→ **Task inputs**
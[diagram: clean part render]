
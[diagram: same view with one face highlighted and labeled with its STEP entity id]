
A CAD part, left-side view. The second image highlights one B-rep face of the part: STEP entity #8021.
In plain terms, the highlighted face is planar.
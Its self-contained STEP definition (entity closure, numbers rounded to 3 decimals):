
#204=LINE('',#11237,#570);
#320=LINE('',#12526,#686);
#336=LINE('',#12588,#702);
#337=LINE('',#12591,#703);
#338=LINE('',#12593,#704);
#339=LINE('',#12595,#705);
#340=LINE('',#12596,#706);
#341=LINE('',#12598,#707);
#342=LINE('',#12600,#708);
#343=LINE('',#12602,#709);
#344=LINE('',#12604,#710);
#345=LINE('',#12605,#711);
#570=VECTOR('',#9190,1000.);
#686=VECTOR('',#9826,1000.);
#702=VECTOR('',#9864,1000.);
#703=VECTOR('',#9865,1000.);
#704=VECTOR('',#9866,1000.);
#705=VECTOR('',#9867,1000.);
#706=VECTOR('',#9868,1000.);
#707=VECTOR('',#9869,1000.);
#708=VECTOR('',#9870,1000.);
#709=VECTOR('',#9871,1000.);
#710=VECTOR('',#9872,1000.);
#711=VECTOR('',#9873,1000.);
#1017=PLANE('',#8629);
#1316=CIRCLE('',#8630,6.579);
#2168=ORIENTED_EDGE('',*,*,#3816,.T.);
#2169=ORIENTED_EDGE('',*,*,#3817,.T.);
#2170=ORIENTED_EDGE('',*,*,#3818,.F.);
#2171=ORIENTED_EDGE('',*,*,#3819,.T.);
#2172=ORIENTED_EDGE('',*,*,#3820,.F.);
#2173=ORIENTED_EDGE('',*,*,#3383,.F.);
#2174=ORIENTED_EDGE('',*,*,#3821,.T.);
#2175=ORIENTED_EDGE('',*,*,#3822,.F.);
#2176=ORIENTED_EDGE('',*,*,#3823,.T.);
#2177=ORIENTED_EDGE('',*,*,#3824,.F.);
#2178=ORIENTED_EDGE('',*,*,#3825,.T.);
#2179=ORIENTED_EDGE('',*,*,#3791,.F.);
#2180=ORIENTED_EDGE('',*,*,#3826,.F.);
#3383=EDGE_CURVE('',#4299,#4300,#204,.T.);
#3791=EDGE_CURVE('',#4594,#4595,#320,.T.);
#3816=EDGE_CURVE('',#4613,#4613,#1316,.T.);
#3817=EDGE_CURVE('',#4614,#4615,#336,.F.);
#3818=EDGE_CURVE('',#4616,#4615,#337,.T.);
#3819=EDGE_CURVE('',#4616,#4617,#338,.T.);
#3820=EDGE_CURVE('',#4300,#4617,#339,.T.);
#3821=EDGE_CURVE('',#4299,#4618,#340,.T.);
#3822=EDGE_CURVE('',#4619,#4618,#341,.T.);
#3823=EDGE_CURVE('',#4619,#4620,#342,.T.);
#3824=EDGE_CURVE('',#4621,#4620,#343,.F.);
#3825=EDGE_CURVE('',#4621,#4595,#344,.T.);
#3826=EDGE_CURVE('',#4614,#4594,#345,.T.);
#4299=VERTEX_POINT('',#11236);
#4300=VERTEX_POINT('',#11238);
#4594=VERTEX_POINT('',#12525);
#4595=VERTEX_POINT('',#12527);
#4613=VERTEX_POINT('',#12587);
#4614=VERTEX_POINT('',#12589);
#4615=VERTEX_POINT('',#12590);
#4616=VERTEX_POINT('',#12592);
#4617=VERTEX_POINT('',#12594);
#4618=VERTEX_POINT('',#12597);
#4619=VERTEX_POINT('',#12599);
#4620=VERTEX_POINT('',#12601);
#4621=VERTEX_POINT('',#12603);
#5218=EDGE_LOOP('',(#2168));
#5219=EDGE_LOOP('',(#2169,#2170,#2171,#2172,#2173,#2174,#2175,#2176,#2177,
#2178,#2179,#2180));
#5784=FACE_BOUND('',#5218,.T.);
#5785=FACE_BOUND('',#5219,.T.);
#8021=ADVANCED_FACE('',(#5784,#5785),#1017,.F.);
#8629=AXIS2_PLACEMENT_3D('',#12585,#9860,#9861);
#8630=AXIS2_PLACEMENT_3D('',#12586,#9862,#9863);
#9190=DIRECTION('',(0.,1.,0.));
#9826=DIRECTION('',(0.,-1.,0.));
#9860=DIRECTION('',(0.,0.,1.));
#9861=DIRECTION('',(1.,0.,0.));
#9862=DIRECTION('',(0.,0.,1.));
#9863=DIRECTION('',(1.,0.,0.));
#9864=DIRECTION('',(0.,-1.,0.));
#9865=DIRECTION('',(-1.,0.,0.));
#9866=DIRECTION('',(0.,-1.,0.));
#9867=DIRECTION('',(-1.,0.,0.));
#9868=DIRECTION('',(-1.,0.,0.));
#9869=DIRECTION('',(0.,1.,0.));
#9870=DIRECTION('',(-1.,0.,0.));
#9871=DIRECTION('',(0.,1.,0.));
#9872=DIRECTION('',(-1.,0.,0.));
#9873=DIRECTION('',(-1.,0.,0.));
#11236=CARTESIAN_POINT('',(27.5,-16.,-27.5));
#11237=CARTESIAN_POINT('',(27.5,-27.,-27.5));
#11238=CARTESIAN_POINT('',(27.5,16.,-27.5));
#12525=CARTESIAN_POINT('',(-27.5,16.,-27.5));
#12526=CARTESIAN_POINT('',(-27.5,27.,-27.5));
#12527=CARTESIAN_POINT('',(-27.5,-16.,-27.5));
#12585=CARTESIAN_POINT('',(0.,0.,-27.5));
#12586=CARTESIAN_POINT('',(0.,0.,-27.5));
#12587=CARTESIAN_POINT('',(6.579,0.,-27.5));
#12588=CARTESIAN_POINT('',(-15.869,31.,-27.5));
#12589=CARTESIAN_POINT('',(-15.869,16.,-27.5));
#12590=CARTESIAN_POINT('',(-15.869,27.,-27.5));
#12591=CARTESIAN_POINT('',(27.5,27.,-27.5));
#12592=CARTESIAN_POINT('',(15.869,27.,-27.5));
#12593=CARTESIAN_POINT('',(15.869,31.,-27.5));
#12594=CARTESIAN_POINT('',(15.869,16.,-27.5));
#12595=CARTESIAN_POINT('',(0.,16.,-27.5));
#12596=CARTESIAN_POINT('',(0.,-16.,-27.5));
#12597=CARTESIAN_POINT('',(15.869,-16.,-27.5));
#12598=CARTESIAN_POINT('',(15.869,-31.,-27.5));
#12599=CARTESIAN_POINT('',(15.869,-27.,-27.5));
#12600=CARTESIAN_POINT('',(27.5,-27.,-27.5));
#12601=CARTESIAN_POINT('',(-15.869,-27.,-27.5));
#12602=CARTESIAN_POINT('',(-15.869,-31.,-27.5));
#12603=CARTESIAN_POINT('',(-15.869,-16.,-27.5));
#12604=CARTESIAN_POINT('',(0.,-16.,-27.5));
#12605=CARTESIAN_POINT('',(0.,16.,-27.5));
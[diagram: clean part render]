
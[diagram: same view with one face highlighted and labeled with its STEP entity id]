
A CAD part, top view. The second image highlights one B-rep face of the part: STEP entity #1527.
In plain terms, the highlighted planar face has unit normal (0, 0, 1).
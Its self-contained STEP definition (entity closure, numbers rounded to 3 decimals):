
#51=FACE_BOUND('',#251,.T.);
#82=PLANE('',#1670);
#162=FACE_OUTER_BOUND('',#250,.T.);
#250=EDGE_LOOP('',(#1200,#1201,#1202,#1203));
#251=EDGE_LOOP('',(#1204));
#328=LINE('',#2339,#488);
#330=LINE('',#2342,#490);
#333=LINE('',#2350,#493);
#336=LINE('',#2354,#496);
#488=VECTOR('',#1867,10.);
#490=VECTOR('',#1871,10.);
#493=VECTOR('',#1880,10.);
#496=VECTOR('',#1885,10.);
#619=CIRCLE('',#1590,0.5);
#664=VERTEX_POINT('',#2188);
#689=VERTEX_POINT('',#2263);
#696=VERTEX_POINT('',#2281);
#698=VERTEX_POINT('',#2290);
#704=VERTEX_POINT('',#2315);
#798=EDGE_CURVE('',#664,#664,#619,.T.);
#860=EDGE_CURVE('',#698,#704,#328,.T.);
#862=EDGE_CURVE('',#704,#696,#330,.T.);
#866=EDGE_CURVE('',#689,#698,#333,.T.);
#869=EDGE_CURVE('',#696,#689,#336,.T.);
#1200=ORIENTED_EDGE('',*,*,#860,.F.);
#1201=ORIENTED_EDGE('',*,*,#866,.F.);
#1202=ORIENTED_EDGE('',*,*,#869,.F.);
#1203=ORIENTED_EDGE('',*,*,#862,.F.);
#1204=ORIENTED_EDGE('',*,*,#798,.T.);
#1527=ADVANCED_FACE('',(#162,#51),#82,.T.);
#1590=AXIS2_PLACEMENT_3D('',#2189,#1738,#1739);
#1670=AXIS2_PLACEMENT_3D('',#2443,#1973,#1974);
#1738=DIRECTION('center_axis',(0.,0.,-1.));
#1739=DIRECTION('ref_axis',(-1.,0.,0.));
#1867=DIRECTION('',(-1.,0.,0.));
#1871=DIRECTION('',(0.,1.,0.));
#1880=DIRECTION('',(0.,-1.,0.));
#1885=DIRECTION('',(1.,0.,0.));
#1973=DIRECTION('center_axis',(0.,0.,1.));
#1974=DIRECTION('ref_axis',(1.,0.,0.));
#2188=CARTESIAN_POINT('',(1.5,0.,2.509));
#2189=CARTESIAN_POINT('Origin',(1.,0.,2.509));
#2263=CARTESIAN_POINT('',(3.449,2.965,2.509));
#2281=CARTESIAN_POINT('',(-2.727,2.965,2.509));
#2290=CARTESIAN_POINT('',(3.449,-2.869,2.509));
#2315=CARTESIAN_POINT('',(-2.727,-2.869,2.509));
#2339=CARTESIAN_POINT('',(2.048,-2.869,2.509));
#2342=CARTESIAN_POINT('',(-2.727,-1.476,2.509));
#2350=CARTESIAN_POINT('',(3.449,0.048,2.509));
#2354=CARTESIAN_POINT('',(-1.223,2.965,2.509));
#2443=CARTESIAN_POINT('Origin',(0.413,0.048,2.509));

→ **What to work on**
The reply should hold only the lines of the listing above starting at the line containing "#705=VECTOR('',#9867,1000.);" and ending at the line containing "#1316=CIRCLE('',#8630,6.579);", exactly as written.

→ **Worked solution**
#705=VECTOR('',#9867,1000.);
#706=VECTOR('',#9868,1000.);
#707=VECTOR('',#9869,1000.);
#708=VECTOR('',#9870,1000.);
#709=VECTOR('',#9871,1000.);
#710=VECTOR('',#9872,1000.);
#711=VECTOR('',#9873,1000.);
#1017=PLANE('',#8629);
#1316=CIRCLE('',#8630,6.579);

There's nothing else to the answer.